Your instructions:
Please give back the listing below word for word and drop any images.

Listed records:
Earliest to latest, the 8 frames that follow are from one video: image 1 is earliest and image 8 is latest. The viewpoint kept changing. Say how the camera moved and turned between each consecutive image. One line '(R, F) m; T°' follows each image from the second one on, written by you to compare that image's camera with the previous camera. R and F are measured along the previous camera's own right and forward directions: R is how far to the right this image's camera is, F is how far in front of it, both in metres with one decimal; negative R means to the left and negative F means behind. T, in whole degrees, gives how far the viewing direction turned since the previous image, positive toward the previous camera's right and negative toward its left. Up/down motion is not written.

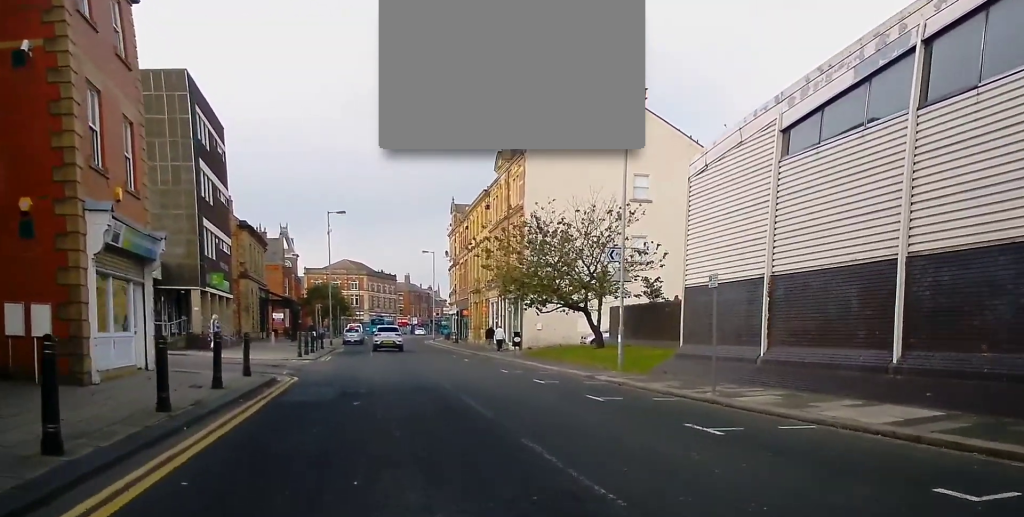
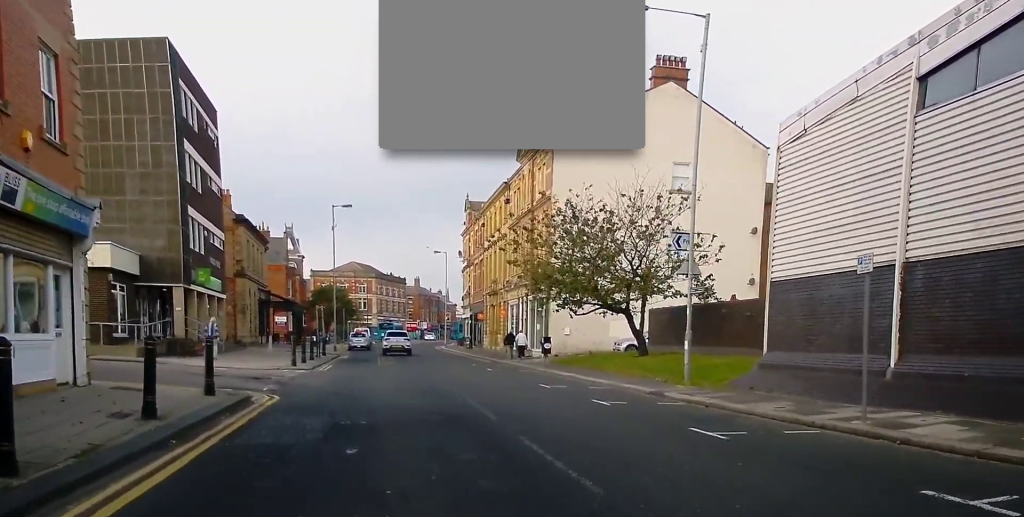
(-0.1, +5.4) m; +2°
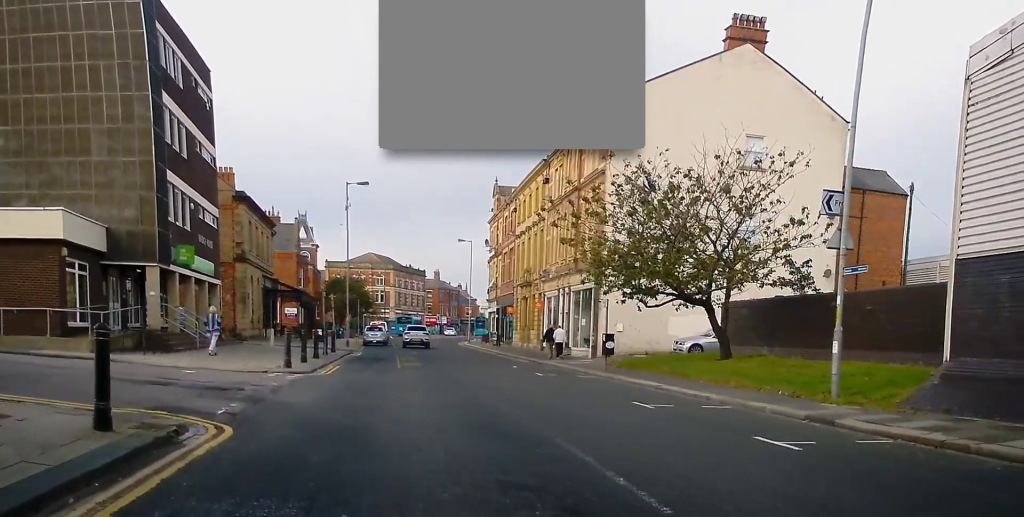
(+0.2, +6.9) m; -3°
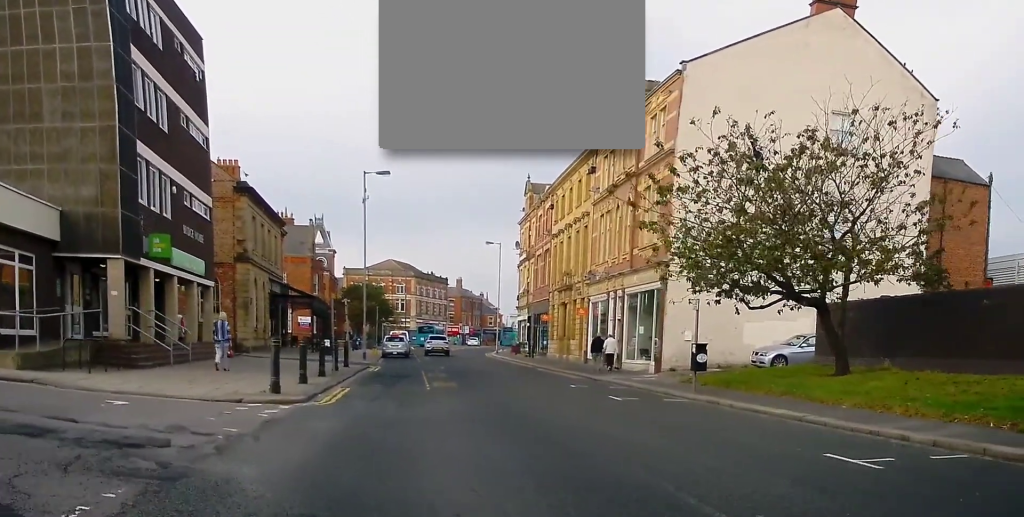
(-0.3, +6.6) m; -3°
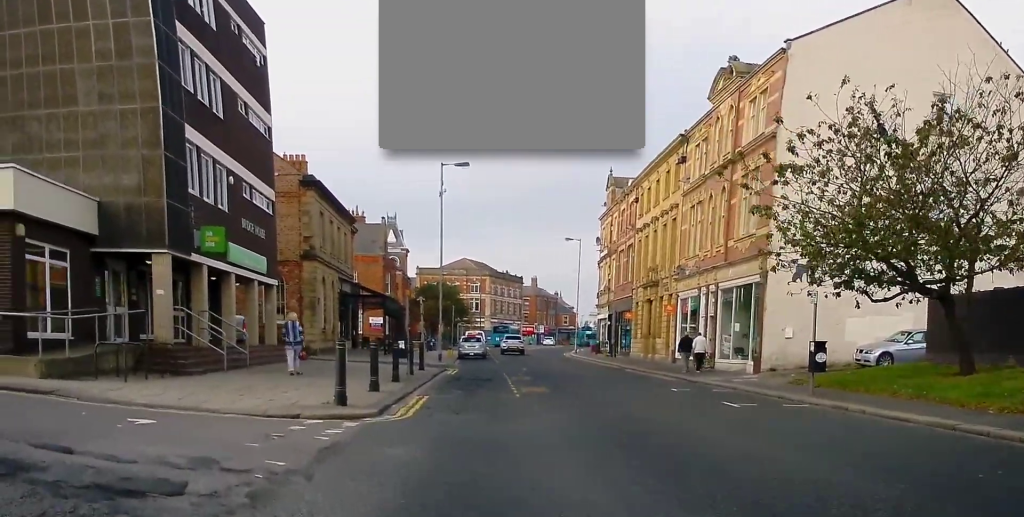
(+0.1, +2.5) m; -4°
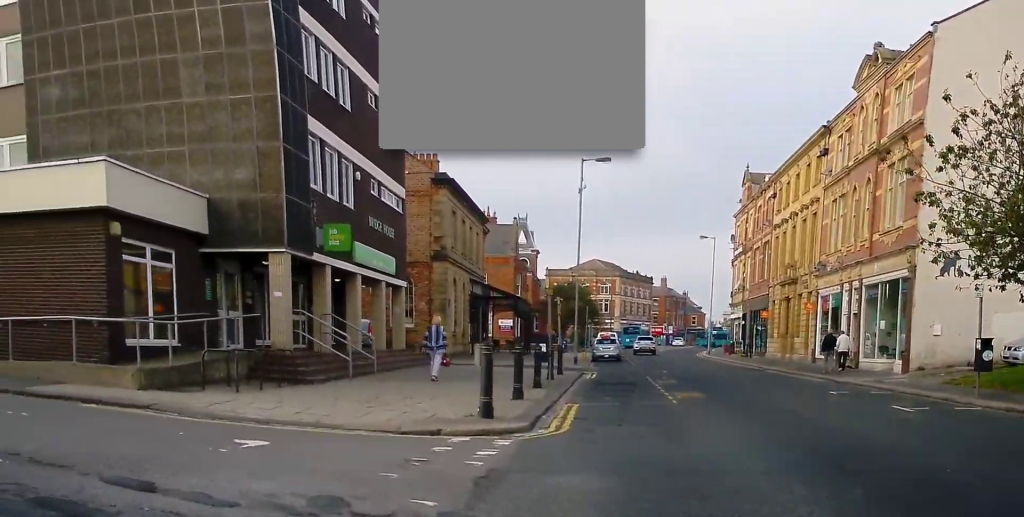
(-0.2, +1.6) m; -11°
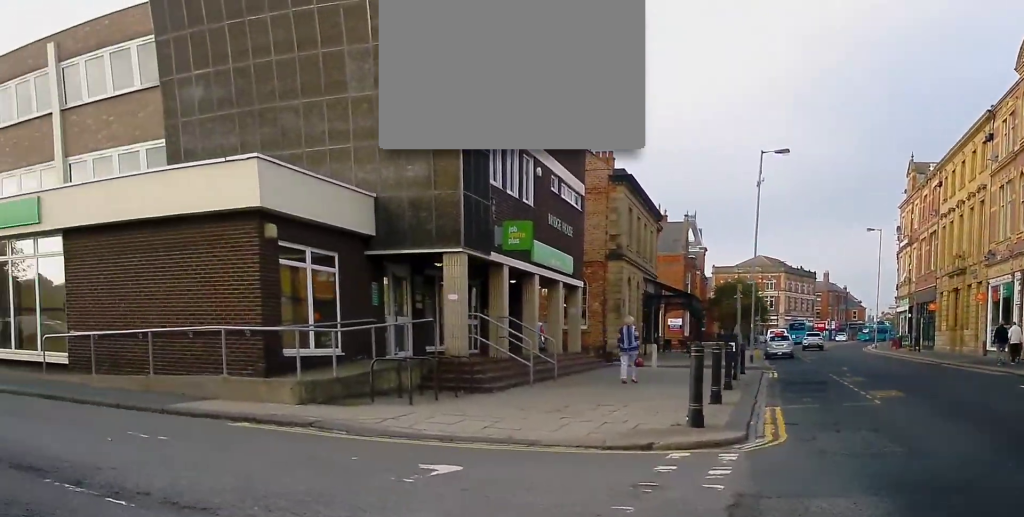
(0.0, +1.3) m; -10°
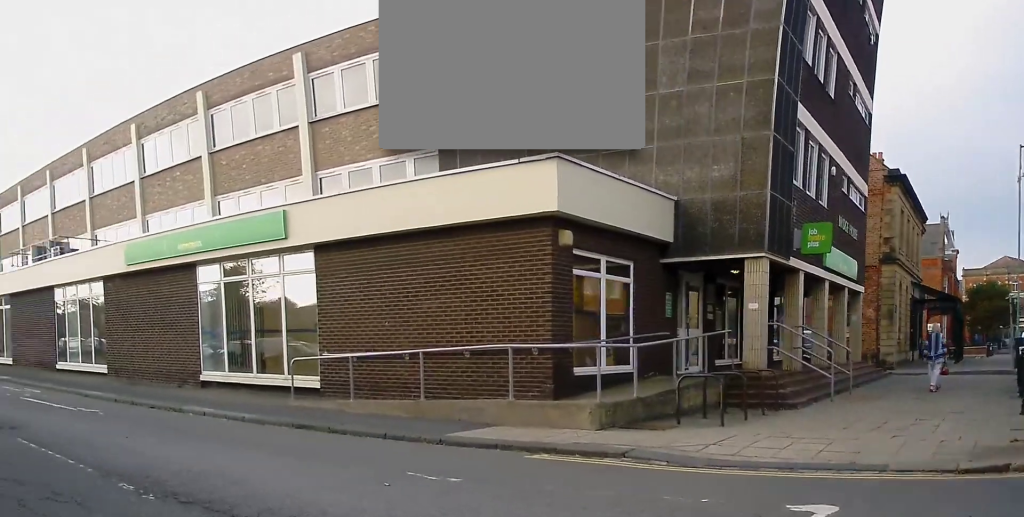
(-0.3, +1.3) m; -18°

Final answer:
Earliest to latest, the 8 frames that follow are from one video: image 1 is earliest and image 8 is latest. The viewpoint kept changing. Say how the camera moved and turned between each consecutive image. One line '(R, F) m; T°' follows each image from the second one on, written by you to compare that image's camera with the previous camera. R and F are measured along the previous camera's own right and forward directions: R is how far to the right this image's camera is, F is how far in front of it, both in metres with one decimal; negative R means to the left and negative F means behind. T, in whole degrees, gives how far the viewing direction turned since the previous image, positive toward the previous camera's right and negative toward its left. Up/down motion is not written.

(-0.1, +5.4) m; +2°
(+0.2, +6.9) m; -3°
(-0.3, +6.6) m; -3°
(+0.1, +2.5) m; -4°
(-0.2, +1.6) m; -11°
(0.0, +1.3) m; -10°
(-0.3, +1.3) m; -18°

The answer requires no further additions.